* _Information shown_

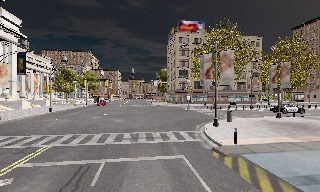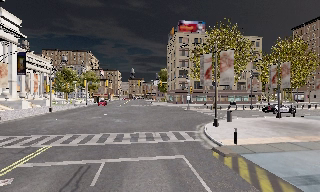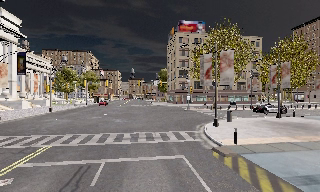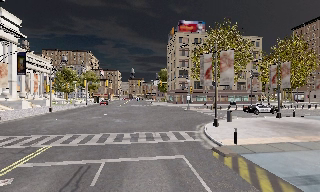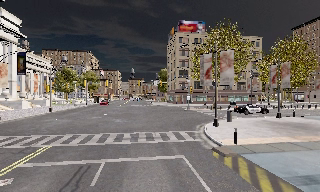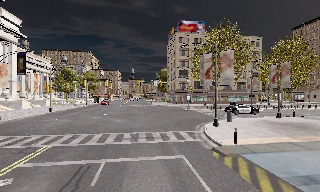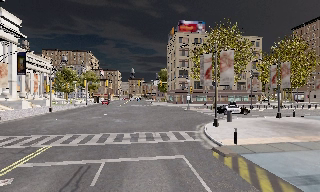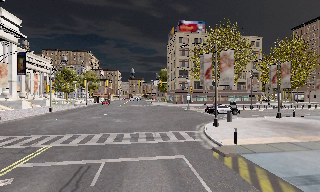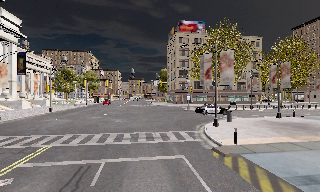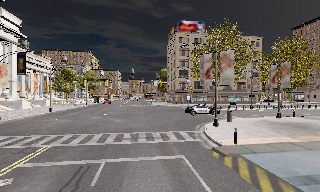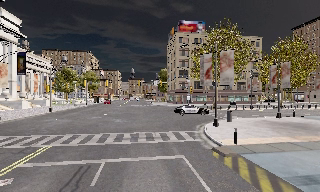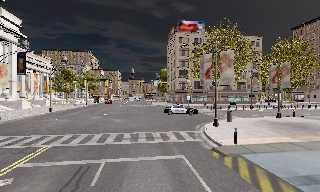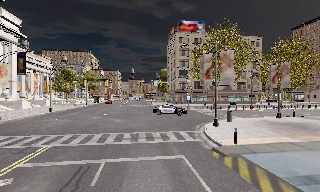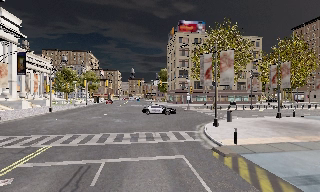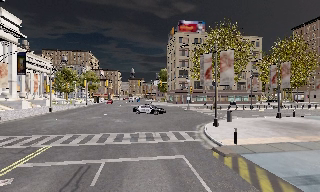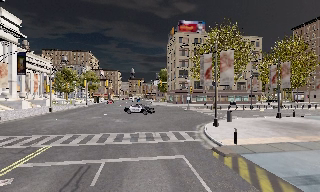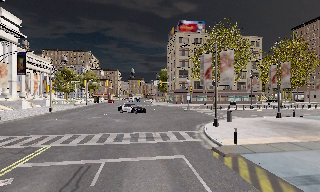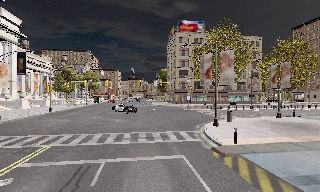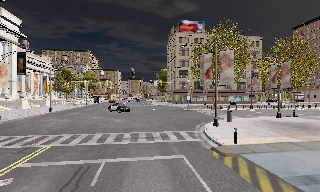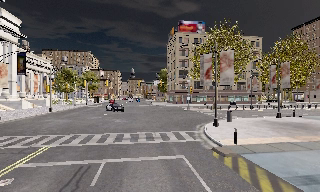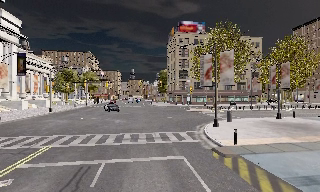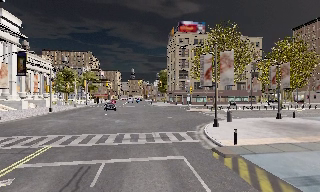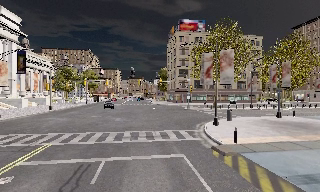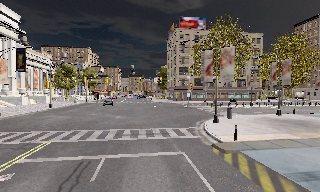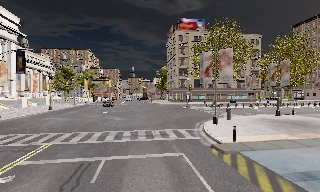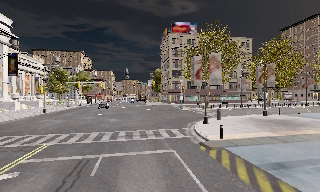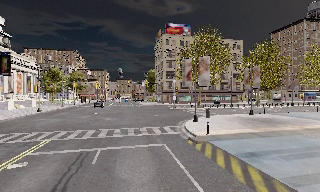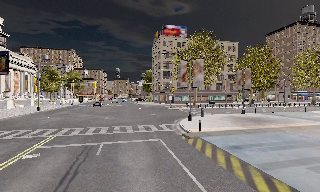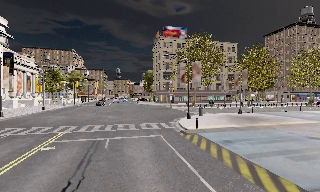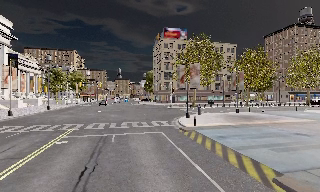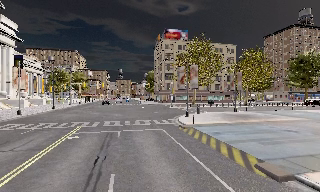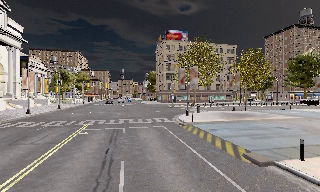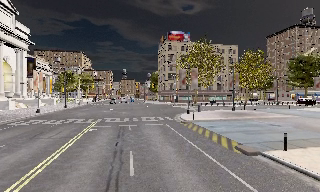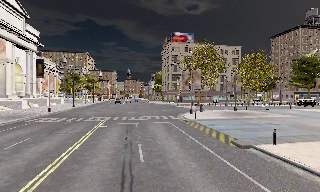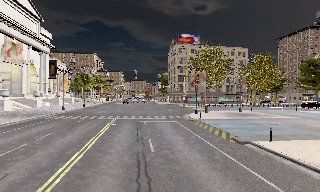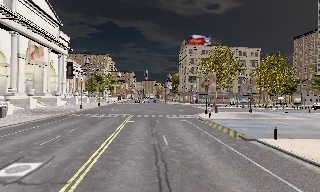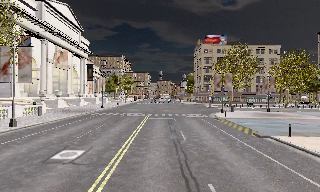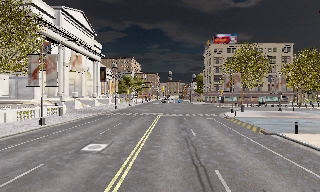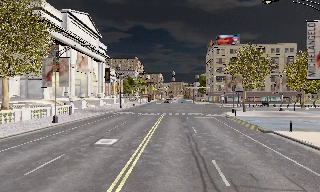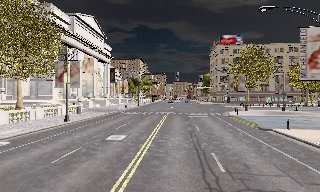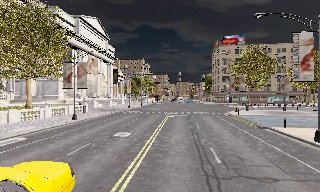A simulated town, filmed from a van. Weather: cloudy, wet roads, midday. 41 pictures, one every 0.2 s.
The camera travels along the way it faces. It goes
backward.
0.0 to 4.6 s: The camera keeps its place and its aim.
4.6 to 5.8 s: The camera travels backward, about 5 m, so what stands in front gets smaller. It gains speed.
5.8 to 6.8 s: The camera travels backward, about 6 m, so what stands in front gets smaller.
6.8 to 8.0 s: The camera pans to its left, which is counterclockwise from overhead, by about 15 degrees. It travels backward, about 6 m, so what stands in front gets smaller.
The film runs backward here.

* _Exercise description_
Apart from the pictures, write every entry out again exactly.

* _Task solution_
A simulated town, filmed from a van. Weather: cloudy, wet roads, midday. 41 pictures, one every 0.2 s.
The camera travels along the way it faces. It goes
backward.
0.0 to 4.6 s: The camera keeps its place and its aim.
4.6 to 5.8 s: The camera travels backward, about 5 m, so what stands in front gets smaller. It gains speed.
5.8 to 6.8 s: The camera travels backward, about 6 m, so what stands in front gets smaller.
6.8 to 8.0 s: The camera pans to its left, which is counterclockwise from overhead, by about 15 degrees. It travels backward, about 6 m, so what stands in front gets smaller.
The film runs backward here.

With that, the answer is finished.